Evaluation procedures and metrics

Denoising performance was evaluated with respect to variant calling of single nucleotide polymorphisms (SNPs). To quantify denoiser performance, we used the common performance metrics of true positives (T.P.), false positives (F.P.), and false negatives (F.N.). T.P. variants are the calls present in the gold standard call set, F.P. variants are the calls not present in the gold standard call set, and F.N. variants are those present in the gold standard set but not called. To summarize the changes in T.P., F.P. and F.N. variants identified, we used the following performance metrics: sensitivity (S), which measures the proportion of all the variants that are correctly called (\({\rm{T}}.{\rm{P}}./({\rm{T}}.{\rm{P}}.+{\rm{F}}.{\rm{N}}.)\)), precision (P), which measures the proportion of called variants that are true (\({\rm{T}}.{\rm{P}}./({\rm{T}}.{\rm{P}}.+{\rm{F}}.{\rm{P}}.)\)), and F-score (F), which is the harmonic mean of the sensitivity and precision (\(2(S\times P)/(S+P)\)).

SAMDUDE parameters

For all denoising experiments, we used a single-sided context length of \(k=7\) (14 bases total in the double-sided context). This context length was chosen for computational feasibility, but also maximizes the number of counts in each context histogram without skewing the histograms towards a uniform distribution, which occurs when k is either too small or too large (see Supplementary Tables 4–6). For sequence and channel estimation we used a majority threshold of \({t}_{m}=0.9\) for high confidence in our estimate of the “true” genomic sequence, and also to definitively eliminate potentially confounding effects at heterozygous genomic positions which might not have a clear majority base. Finally, based on experiments with different quality value thresholds (see Supplementary Tables 5 and 6), we attempted denoising only at bases for which the sequencer’s confidence probability p, Eq. (4)) is less than a chosen confidence threshold \({t}_{p}=0.9\).

Denoising and variant calling pipeline

Individual chromosomes were extracted in binary SAM (BAM) file format from the aligned data sets and sorted using the SAMtools utility29. For denoising using Musket, RACER, BFCounter and Lighter, copies of the sorted BAM file were converted from the BAM to FASTQ format via the biobambam2 BAM file processing toolkit30. BAM files for each chromosome were also converted to the SAM format. The extracted SAM files were denoised using SAMDUDE.

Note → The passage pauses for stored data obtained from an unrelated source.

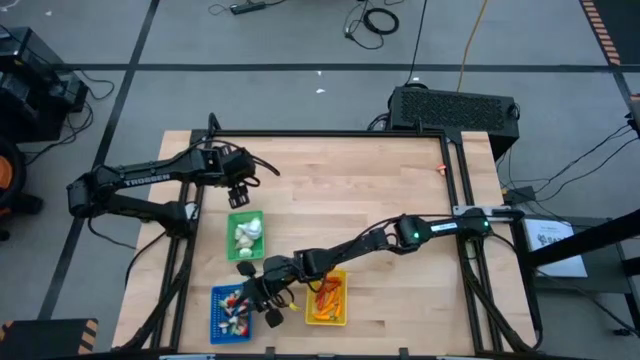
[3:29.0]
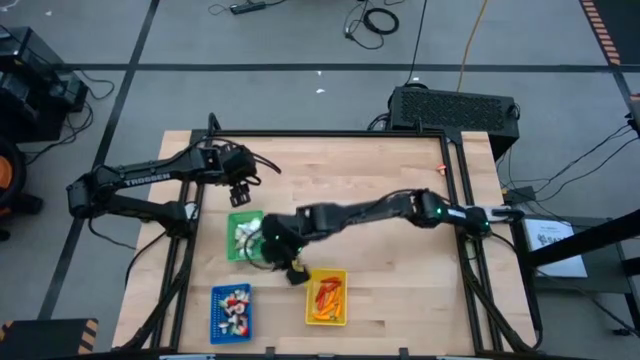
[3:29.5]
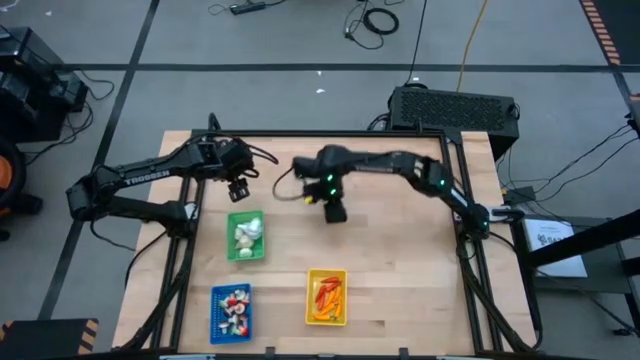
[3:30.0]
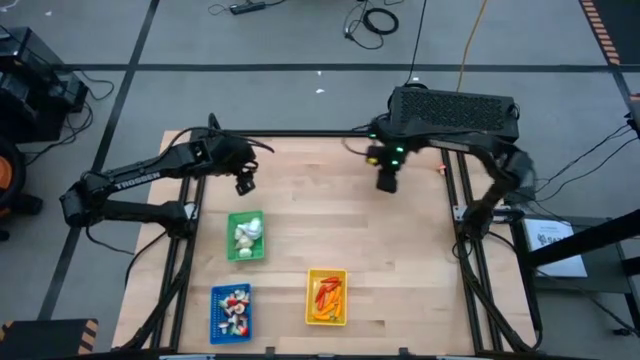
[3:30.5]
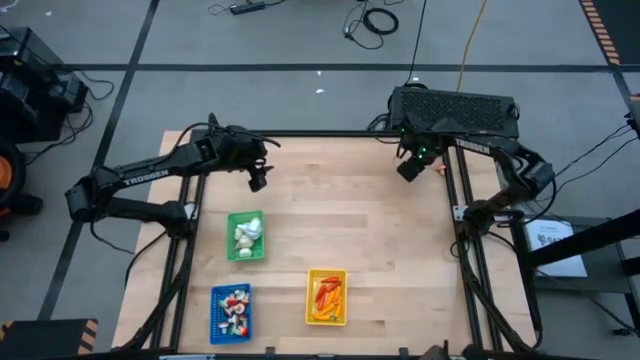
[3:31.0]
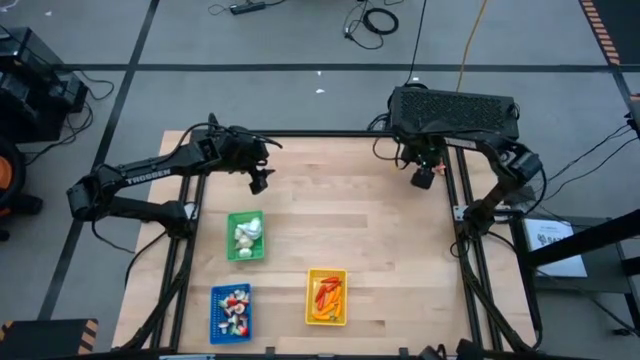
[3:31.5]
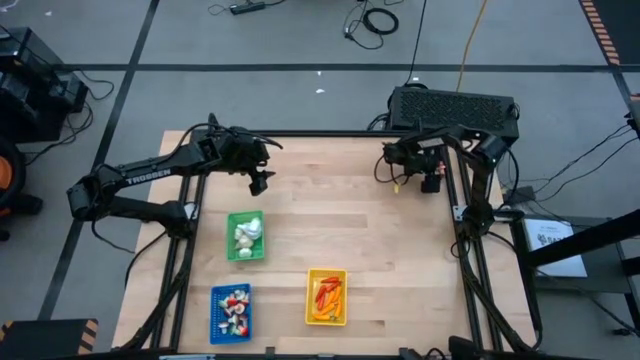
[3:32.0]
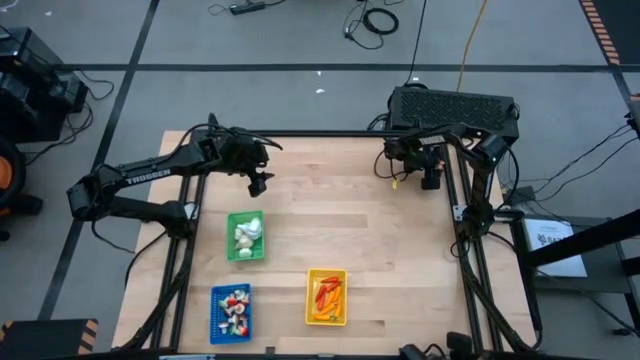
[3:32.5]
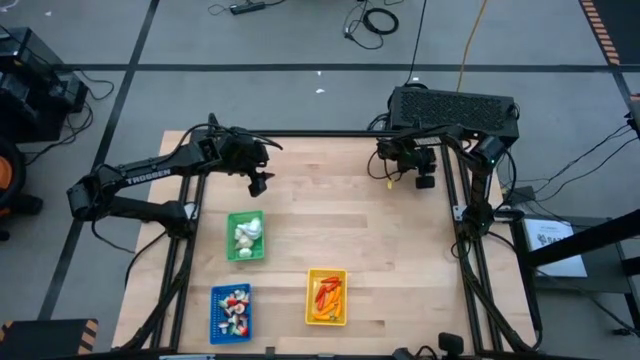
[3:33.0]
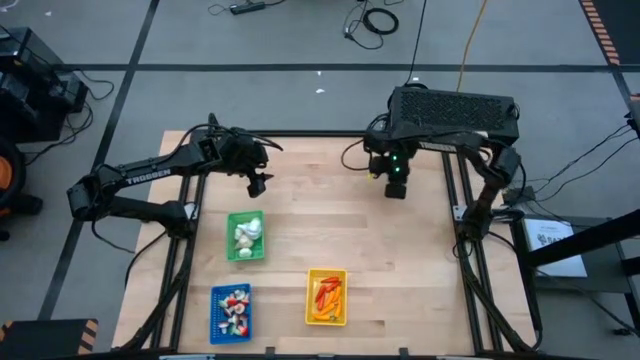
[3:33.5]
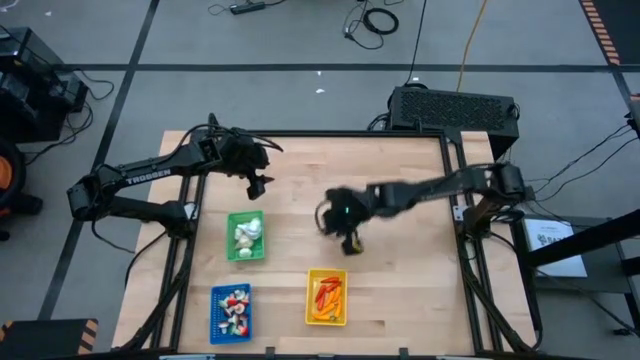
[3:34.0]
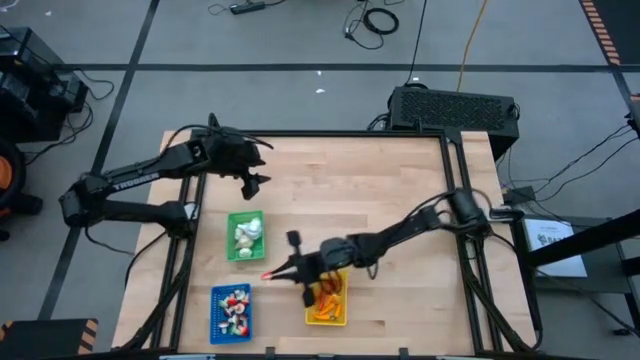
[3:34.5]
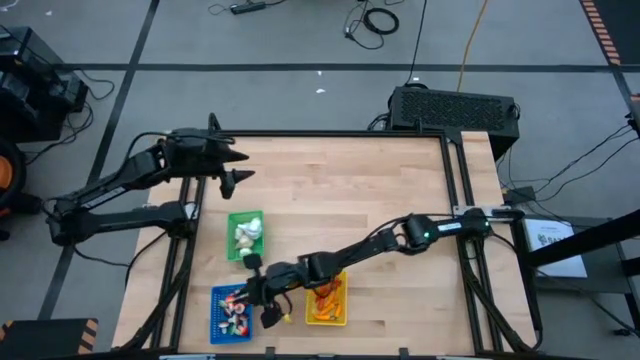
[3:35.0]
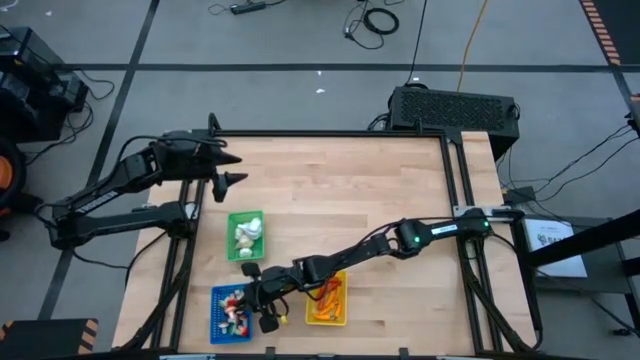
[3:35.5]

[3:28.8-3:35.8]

The denoised FASTQ files were then aligned to a reference file using BWA-mem31, generating denoised SAM files. All denoised SAM files then underwent SNP calling using the SNP calling pipeline recommended by the Broad Institute32,33,34, and compared to the gold standard call set. We report results for both raw variants and variants filtered under the GATK Best Practices-recommended variant filtering process. For more details regarding the variant calling, filtering and evaluation pipelines, we refer the reader to the Variant calling pipeline section in the Supplementary data.

Computational requirements and machine specifications

We ran most experiments on a workstation computer with 12 Intel Xeon cores at 3.4 GHz and 32 GB of RAM, running Linux Ubuntu 14.04.4. SAMDUDE denoising for the chromosome 11 file of data set 3 was run on a different workstation with 80 Intel Deon cores at 2.2 GHz and 504 GB RAM, running CentOS 7.4.1708. Time and peak computational memory requirements for denoising data sets 1, 2 and 3 using SAMDUDE, Musket, RACER, BFCounter and Lighter are summarized in the Supplementary Table 7. In its current manifestation, SAMDUDE generally uses about an order of magnitude more memory than Musket and RACER. This is due to the large number of context histogram vectors that SAMDUDE acquires. SAMDUDE also generally requires about an order of magnitude more runtime than Musket and RACER. This result is not surprising, given that SAMDUDE is currently implemented in Python with no parallelization.